___ Data supplied ___

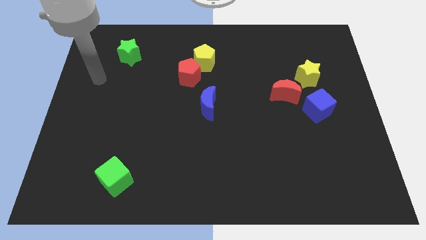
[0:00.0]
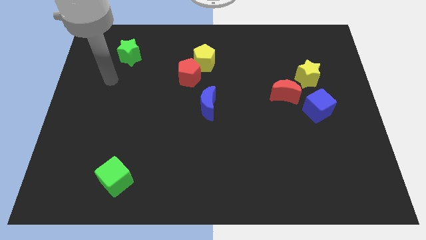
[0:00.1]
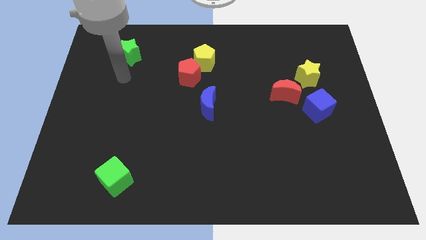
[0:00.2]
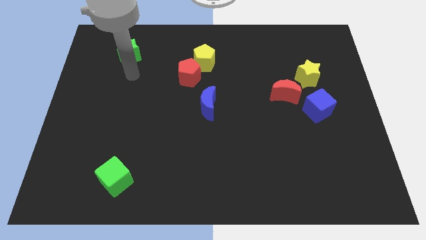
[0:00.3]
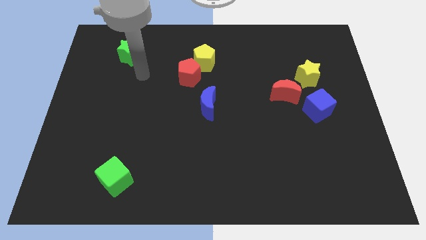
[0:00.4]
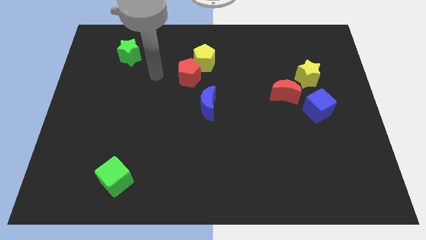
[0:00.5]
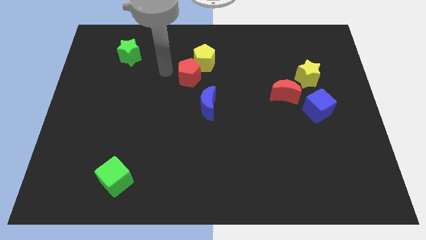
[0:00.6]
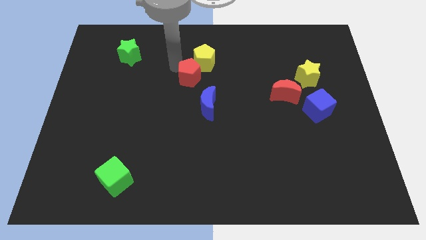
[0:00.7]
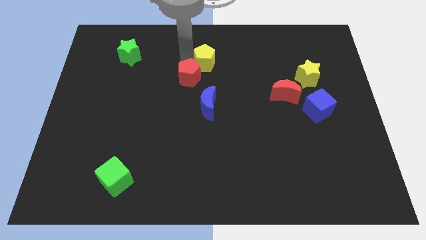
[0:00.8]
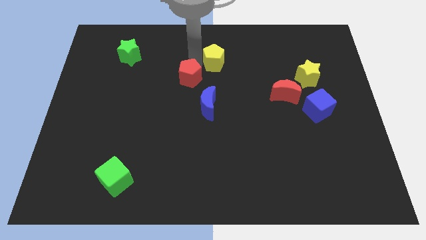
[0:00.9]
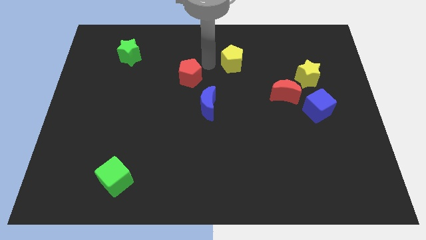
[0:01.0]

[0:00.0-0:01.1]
separate the red pentagon from the yellow pentagon

___

Problem details
Transcribe the data verbatim. No picture belongs in the result.

Reply
[0:00.0]
[0:00.1]
[0:00.2]
[0:00.3]
[0:00.4]
[0:00.5]
[0:00.6]
[0:00.7]
[0:00.8]
[0:00.9]
[0:01.0]

[0:00.0-0:01.1]
separate the red pentagon from the yellow pentagon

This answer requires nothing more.